The BEST Gaming & Streaming Microphones of 2020….So Far!

Video Producer

We have a very special article for you today, we have been collecting some of the most popular microphones for streaming and gaming and now we are going to see which one sounds best. While reading this article will certainly help point you in the right direction, you ultimately would be better served by putting on some headphones and watching our YouTube video to get the best representation on how these microphones sound.

I think we have a pretty diverse microphone collection, some budget stuff, some staples, and some surprisingly good quality microphones in here too from the well-known brands and some new upstarts as well.

The 7 Mic Models

Let’s cover some basic mics first, like the FIFINE microphone, which is a condenser mic that comes with a user manual, a little stand for attachment, and a non-removable USB to cable. The volume of the front of the mic has nice resistance, it controls the gain of the microphone, and there is no headphone jack. For $30 USD I’m really curious if you will be able to hear the difference between the more high-end stuff, but given the current worldwide situation this microphone is a lot more expensive at the moment selling for a 50% markup at $45 USD. We will hear for it’s worth it.

The ModMic USB is always a nice addition to your favorite headphones. The magnetic clasp system is brilliant, we get the mute button down the cable that’s perfectly in reach, and a dual microphone capsule for noise cancellation or broadcast quality. At $80 USD it’s a compact solution, you just have to deal with the cable.

Next up we have the Razer Seiren Emote microphone. The only reason it’s in this roundup is because of that matrix LED that’s facing the viewer. As a result it’s the most engaging streaming microphone out there since it can sync when you get a subscriber or bids or a reaction. It is kind of pricey for a voice quality mic at $129 USD, but the basics are covered with. You get a headphone jack, a mute switch, and a headphone volume dial at the front. You will have to work with Razor Synapse to set everything up, and the LED matrix is pretty beautiful, but the voice quality is not there for $129 USD.

I have the two Yeti microphones, the original and the Nano, and right away I love that blue colour. Both mics have headphone monitoring, microphone mute, and a headphone volume dial at the front.
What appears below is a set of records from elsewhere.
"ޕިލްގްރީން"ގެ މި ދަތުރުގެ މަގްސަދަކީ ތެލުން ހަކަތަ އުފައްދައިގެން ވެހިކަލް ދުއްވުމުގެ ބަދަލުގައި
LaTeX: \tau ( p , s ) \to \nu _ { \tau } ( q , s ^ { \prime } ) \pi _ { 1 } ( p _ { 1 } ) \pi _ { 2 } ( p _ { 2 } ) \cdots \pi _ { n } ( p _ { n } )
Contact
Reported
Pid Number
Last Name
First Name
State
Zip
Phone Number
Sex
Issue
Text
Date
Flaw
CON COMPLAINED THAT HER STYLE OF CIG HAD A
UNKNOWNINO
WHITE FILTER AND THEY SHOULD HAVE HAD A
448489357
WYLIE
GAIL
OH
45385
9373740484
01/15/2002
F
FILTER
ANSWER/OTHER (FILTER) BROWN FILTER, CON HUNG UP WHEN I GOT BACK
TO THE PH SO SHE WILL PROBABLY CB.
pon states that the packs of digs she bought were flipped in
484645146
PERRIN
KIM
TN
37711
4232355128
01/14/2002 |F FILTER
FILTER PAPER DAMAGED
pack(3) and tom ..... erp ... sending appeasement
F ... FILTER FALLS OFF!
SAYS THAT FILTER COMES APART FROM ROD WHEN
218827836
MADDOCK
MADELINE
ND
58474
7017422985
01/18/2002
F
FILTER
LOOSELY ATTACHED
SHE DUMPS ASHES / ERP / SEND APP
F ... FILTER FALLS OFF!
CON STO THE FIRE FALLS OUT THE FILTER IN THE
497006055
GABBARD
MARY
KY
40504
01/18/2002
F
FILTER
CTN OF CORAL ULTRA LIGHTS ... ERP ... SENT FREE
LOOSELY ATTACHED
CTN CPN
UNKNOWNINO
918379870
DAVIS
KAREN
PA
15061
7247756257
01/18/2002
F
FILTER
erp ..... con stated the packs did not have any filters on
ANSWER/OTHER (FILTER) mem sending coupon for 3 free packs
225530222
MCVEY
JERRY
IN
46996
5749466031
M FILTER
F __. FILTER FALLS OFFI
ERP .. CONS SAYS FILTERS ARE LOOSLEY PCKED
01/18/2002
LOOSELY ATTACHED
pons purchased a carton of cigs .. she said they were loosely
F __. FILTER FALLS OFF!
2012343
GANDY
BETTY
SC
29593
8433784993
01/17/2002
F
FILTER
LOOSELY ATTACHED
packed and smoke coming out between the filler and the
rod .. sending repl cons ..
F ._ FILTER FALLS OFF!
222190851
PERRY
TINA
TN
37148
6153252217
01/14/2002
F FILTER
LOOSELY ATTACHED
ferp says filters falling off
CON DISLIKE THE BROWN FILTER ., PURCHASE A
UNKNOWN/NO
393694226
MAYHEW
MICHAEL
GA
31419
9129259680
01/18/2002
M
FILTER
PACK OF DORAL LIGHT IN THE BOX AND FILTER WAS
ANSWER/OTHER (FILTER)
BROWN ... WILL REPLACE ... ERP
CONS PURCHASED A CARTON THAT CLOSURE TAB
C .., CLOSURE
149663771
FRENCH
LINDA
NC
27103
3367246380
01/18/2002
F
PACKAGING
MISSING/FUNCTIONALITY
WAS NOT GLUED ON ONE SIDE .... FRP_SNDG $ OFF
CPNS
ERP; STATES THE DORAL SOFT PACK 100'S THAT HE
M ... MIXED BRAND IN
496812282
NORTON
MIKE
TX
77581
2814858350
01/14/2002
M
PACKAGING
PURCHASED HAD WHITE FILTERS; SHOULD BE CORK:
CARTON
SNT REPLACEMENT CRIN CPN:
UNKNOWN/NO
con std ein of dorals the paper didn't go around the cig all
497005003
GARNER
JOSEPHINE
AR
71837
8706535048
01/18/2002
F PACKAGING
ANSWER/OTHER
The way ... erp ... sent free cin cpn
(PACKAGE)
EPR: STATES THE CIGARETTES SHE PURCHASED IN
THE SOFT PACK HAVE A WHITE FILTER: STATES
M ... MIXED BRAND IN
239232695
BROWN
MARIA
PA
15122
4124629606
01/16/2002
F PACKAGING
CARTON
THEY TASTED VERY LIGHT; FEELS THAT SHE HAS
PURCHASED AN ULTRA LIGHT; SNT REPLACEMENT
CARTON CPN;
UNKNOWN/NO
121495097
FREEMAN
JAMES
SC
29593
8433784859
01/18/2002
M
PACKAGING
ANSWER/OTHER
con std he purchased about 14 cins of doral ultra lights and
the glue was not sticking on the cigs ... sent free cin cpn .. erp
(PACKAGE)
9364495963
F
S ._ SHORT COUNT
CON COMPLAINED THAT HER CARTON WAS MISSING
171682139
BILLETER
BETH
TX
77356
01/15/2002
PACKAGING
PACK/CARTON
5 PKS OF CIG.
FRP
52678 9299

There are a few more controls on the original Yeti, like gain and four pickup patterns. The price difference is $30, which is totally worth it as you will hear later on.

I really like the design of the HyperX QuadCast, with that gorgeous red shine through that is also the built-in pop filter. It has a capacitive mute switch up top, four pickup patterns, zero latency monitoring, and a mini-USB cable just like the Yeti. My only complaint here is the gain dial at the bottom that is super easy to accidentally move out of place. At $139 USD it’s a very good microphone that has built-in noise cancellation as well. Also, obviously, red lighting makes your voice faster. The noise cancellation is not aggressive, it’s basically a built-in low pass filter that cuts out anything that is super in the background.
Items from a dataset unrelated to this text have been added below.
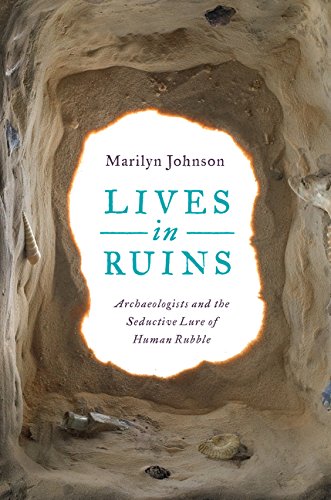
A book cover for Lives in Ruins: Archaeologists and the Seductive Lure of Human Rubble; Marilyn Johnson; Science & Math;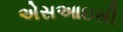
એસઆઇસી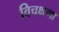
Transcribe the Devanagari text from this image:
विचक्षणा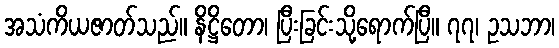
အသံကိယဇာတ်သည်။ နိဋ္ဌိတော၊ ပြီးခြင်းသို့ရောက်ပြီ။ ၇၇၊ ဥသဘာ၊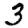
Digit: 3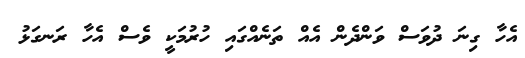
އެހާ ގިނަ ދުވަސް ވަންދެން އެއް ތަނެއްގައި ހުރުމަކީ ވެސް އެހާ ރަނގަޅު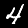
Label: 4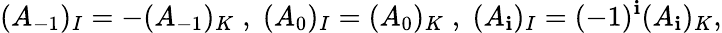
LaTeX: (A_{-1})_{I}=-(A_{-1})_{K}\; ,\; (A_{0})_{I}=(A_{0})_{K}\; ,\; (A_{\mathbf{i}})_{I}=(-1)^{\mathbf{i}}(A_{\mathbf{i}})_{K},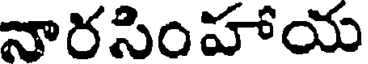
నారసింహాయ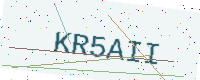
Text: KR5AII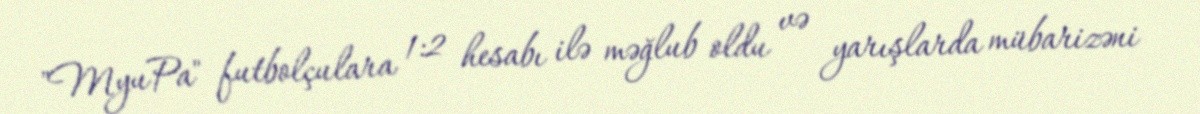
"MyuPa" futbolçulara 1:2 hesabı ilə məğlub oldu və yarışlarda mübarizəni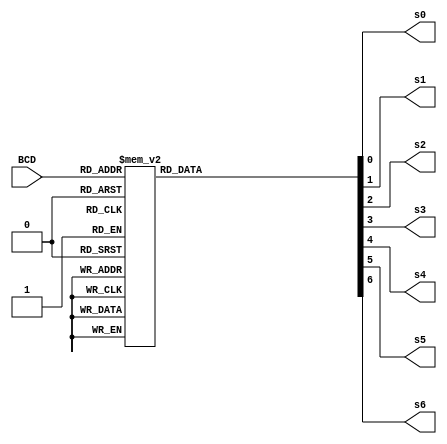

My surprise of the day microphone is the new Audio Technica ATR2500x-USB. It has a USB Type-C cable that is removable and easily accessible, the same with the headphone jack at the front with buttons for volume. The included tripod is kind of brilliant, and to top it all off the microphone sounds incredible for $119 USD. It is an easy recommendation as you will hear.

The next two microphones are from Elgato, the Wave:1 and Wave:3. They use the same cardioid condenser capsule, so they should sound identical. Although, the Wave:3 being the higher-end model has a higher kilohertz range, but it really doesn’t matter. The only difference are the controls as the Wave:3 has headphone volume and input gain adjustment with monitor crossfade, while the Wave:1 only has headphone volume control and a push-to-mute button. While the Wave:3 has that fancy capacitive mute button on top of the microphone. They both have a zero latency headphone jack, mic stand adapter, and a USB Type-C connection with a long cable.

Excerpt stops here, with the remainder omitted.